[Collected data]
════════════════

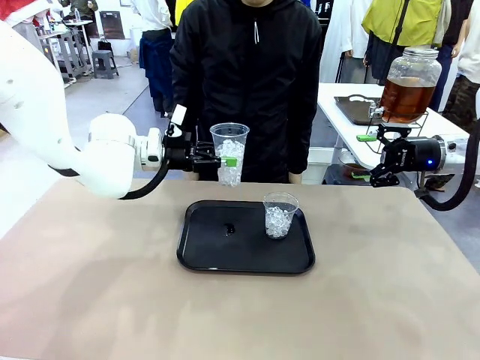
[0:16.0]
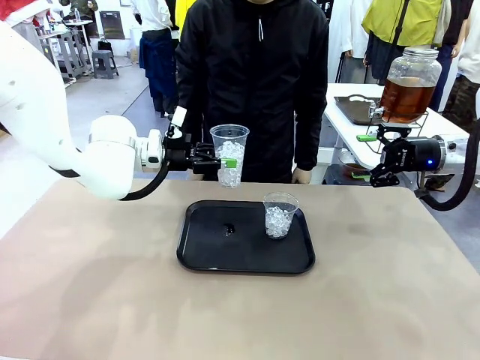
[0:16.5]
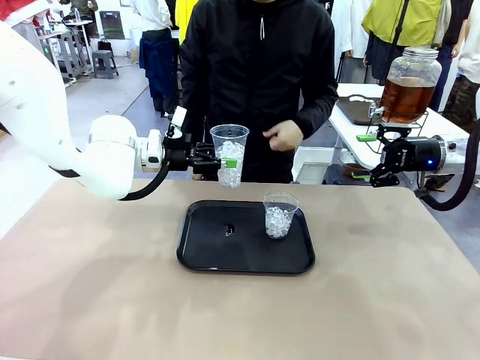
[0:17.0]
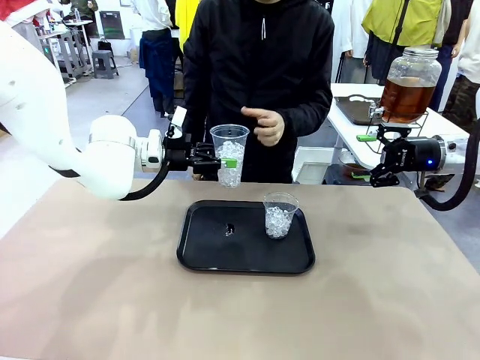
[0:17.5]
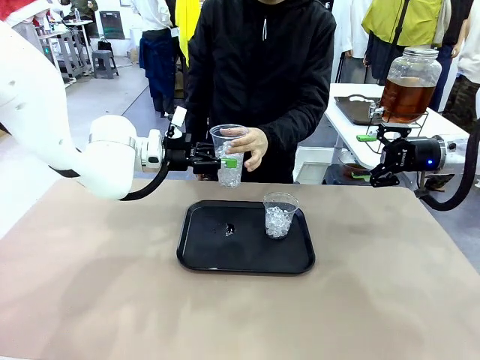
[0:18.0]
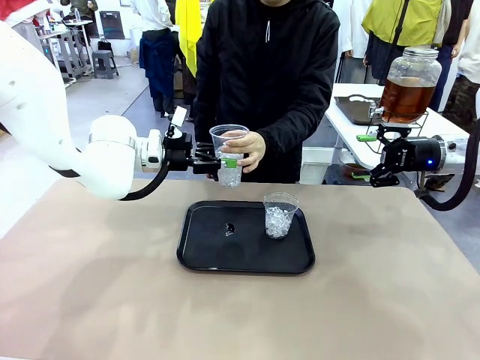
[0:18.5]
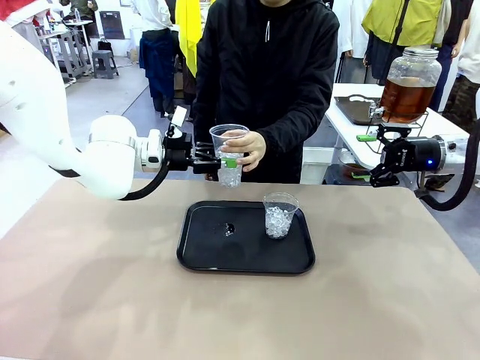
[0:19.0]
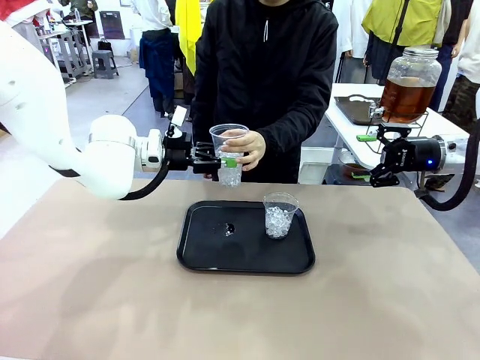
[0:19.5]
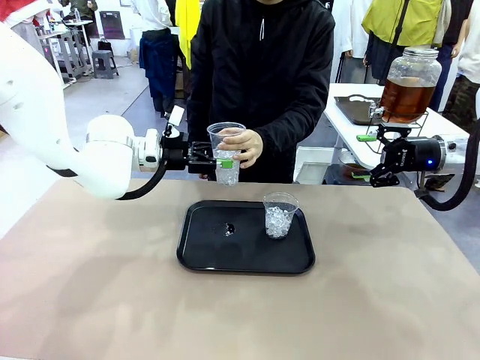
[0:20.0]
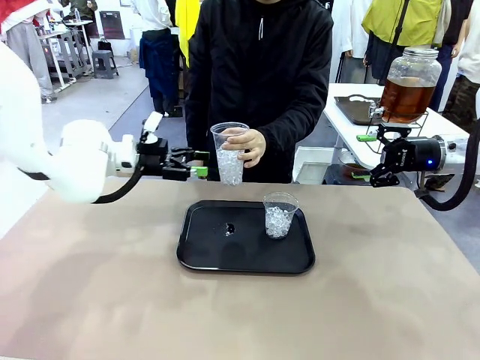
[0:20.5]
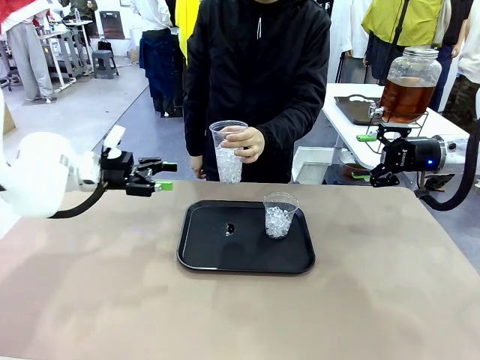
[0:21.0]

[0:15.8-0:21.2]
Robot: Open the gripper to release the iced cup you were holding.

════════════════

None of the pictures should be carried over when the data above is transcribed exactly.

[0:16.0]
[0:16.5]
[0:17.0]
[0:17.5]
[0:18.0]
[0:18.5]
[0:19.0]
[0:19.5]
[0:20.0]
[0:20.5]
[0:21.0]

[0:15.8-0:21.2]
Robot: Open the gripper to release the iced cup you were holding.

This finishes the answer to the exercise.